My holiday reading this year was The Code Book by Simon Singh . I highly recommend it to teachers of Mathematics and Digital Technologies as it brings amazing insight into the world of codes and cyphers. Tracing 2000 years of code makers and code breakers, the secret world of cryptography is unveiled. In a modern technological age where each and everyone of us send messages and information through a digital platform, we are both protected and vulnerable to the cryptographer. The ability to unlock the key of complex modern day cyphers, potentially gives the people with this knowledge unlimited power over others.
Prime numbers and factors are what is keeping your digital information safe
I have two year 7 classes this year, and as I worked with them on factors and prime numbers this week, cryptography helped bring understanding to them of the importance of number theory in a technology driven world. Prime numbers and factors play an important role in the first public key security cypher RSA . The public security key is a combination of two very large prime numbers being multiplied together. The security of this cypher lays in the fact that to find factors of numbers it quite a complex task. Using current technology the computer algorithm used would take forever to find these two prime factors.
Just as the Turing Machine (the first computer) was a game changer in WW2 to crack the Enigma Code. The invention of a quantum computer could potentially be able to find the prime factors of the security keys and the digital security we currently take for granted would change. 2018 Australian of the Year, Professor Michelle Yvonne Simmons was recognised for her research in the field of Quantum Physics, in particular her work on quantum computers.
For cryptographers the invention of a quantum computer would be this century’s game changer!!
So next term when the year 7 students are studying Ancient Rome in HASS, I will use this opportunity to teach them about the Caesar Code. Dominating the first Millennium this cypher was considered unbreakable until the Arab Cryptanalysts, the code breakers, combined linguistics and statistics to decipher hidden messages using the frequency analysis of letters.
So how does the Caesar Cypher work? It is called a simple mono-alphabetic substitution cypher. You decide on a number between 1 and 26 and you simply move the letters of the alphabet this many places. This number chosen is called the key as it enables the person who has the key to unlock the hidden message. For example if the chosen key is 4, then each letter of the alphabet moves four places, so a becomes e and b becomes f etc.
The Caesar Code is perfect for use by young adolescents who may want to send secret messages to their friends
This code, even though unbroken for 500 years is now quite simple to decipher. The frequency of the letters gives us a clue to what each letter represents. So our young codebreakers would need to create a frequency distribution table and then comparing the distribution to the one below they could discover the key.
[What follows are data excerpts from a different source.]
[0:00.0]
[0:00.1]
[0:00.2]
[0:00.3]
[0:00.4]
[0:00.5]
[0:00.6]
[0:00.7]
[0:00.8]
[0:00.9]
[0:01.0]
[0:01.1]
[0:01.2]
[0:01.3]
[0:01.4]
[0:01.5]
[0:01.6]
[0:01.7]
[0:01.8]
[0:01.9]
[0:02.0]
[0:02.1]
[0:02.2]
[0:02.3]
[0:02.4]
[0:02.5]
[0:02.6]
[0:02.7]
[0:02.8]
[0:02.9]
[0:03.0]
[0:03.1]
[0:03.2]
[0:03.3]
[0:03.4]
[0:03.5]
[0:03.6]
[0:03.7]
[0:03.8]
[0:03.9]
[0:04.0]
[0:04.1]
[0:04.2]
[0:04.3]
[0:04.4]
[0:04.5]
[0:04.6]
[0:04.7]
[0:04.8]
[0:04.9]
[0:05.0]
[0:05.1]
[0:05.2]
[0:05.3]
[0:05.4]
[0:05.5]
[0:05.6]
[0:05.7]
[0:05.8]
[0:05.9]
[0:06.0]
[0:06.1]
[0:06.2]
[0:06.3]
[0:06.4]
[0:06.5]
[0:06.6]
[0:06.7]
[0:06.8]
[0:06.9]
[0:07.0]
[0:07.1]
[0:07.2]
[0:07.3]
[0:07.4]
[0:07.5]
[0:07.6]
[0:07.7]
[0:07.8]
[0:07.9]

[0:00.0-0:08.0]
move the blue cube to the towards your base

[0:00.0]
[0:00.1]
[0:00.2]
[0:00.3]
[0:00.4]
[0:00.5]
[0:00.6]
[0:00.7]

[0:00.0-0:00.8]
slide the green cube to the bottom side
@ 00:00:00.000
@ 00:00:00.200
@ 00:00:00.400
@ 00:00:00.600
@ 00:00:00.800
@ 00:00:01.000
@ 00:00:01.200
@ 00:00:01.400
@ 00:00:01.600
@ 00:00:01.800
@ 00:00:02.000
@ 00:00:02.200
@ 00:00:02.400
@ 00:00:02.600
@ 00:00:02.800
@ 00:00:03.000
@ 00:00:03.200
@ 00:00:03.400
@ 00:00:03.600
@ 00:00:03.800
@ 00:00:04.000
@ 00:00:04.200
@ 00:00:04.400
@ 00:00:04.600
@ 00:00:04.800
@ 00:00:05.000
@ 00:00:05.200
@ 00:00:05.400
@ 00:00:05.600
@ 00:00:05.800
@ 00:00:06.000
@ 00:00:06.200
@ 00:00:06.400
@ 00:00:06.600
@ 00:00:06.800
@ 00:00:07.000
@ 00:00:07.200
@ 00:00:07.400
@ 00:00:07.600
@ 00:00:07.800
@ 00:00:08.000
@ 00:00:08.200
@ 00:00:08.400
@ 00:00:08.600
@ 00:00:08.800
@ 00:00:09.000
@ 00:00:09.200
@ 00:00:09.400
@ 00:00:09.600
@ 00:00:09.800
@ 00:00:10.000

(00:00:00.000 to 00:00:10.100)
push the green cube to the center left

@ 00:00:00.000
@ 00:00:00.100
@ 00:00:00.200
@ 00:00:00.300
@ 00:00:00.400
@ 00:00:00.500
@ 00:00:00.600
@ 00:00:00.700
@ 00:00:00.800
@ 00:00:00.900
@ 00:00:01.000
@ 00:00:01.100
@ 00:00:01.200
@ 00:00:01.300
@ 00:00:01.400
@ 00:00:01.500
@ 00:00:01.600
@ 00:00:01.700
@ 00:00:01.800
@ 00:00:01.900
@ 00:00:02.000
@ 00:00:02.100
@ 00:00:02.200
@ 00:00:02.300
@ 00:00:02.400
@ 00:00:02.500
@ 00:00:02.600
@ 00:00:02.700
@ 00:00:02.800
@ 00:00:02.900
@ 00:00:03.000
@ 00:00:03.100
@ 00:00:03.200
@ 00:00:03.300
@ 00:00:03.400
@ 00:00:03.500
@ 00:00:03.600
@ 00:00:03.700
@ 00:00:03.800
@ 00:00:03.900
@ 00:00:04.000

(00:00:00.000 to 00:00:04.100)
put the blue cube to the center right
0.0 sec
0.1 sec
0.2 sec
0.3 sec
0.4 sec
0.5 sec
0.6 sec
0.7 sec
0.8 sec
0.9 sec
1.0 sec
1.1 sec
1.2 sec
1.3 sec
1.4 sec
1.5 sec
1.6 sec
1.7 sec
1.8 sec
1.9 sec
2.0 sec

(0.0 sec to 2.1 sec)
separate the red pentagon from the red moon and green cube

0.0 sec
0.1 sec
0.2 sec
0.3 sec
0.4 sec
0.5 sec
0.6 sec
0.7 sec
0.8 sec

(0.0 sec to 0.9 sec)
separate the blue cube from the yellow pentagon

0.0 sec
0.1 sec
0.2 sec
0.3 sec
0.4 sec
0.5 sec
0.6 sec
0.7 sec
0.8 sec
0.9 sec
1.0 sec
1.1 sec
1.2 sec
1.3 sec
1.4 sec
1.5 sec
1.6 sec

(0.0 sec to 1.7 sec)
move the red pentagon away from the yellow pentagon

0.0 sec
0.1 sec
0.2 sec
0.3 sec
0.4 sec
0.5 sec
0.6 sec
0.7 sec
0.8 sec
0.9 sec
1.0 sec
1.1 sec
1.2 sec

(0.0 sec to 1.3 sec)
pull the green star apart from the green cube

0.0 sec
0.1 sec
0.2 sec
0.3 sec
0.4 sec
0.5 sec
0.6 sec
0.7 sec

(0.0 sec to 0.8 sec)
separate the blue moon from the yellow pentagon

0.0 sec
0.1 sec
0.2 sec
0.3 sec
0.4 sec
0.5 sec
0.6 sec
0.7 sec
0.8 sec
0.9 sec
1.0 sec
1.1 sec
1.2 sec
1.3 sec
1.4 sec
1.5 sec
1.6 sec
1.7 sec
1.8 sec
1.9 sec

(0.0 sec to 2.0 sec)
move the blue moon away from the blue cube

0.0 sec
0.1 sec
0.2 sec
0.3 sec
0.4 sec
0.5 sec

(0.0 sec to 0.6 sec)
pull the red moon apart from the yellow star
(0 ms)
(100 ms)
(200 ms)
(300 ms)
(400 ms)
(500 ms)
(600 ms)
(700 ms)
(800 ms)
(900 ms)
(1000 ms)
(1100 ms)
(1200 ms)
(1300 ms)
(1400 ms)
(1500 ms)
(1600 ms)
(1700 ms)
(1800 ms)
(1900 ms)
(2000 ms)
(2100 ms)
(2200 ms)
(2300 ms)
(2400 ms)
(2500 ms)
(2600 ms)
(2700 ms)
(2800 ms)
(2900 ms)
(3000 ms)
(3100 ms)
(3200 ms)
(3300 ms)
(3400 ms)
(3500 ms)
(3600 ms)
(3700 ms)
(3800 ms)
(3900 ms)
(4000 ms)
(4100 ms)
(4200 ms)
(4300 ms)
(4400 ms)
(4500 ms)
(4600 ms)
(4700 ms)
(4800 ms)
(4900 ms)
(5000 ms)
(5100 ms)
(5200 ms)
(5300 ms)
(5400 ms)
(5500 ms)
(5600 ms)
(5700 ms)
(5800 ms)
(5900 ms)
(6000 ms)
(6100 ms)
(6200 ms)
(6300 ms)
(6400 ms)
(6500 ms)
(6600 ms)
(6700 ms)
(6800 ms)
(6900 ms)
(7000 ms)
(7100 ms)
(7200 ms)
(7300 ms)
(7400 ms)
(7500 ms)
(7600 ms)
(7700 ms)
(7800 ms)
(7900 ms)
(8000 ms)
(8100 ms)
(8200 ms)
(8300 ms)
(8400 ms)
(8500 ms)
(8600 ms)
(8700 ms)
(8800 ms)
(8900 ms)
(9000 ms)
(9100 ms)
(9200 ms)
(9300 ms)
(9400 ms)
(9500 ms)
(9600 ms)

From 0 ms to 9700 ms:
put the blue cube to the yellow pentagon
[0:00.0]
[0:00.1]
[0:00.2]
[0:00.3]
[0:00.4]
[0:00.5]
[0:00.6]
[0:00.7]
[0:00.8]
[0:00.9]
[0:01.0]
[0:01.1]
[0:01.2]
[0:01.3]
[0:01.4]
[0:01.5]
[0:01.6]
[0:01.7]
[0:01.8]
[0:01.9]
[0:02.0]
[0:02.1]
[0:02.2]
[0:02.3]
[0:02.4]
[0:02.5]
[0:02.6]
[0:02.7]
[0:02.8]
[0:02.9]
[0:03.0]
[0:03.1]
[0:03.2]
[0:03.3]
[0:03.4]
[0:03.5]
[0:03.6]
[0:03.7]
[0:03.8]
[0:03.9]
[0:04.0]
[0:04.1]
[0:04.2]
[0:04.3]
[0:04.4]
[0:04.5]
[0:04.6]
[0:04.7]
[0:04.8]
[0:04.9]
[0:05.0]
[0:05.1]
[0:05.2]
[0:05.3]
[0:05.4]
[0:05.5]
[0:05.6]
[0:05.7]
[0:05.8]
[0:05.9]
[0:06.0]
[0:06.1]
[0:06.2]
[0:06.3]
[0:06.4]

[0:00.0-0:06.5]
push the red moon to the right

A slightly more complex take on this is to use the Vigenere Cypher. Instead of a number key, a word is chosen as the key, for example, cake. Each of the letters in the message then move the position number of the letters of the word. i.e letter one moves 3 places, letter two moves 1 place, letter three moves 11 places and letter four moves 5 places.
‘deciphering is, in my opinion, one of the most fascinating arts” – Charles Babbage
As communication techniques have improved over history, telegram, radio, telephone and now computers, so has the level of security required to keep information safe. No longer just the realm of military, government institutions and large business the encryption of private information is important to us all. While not every student will go off to study cryptography at university, I like to think that this introduction gives them some basic understanding of the importance of security of data.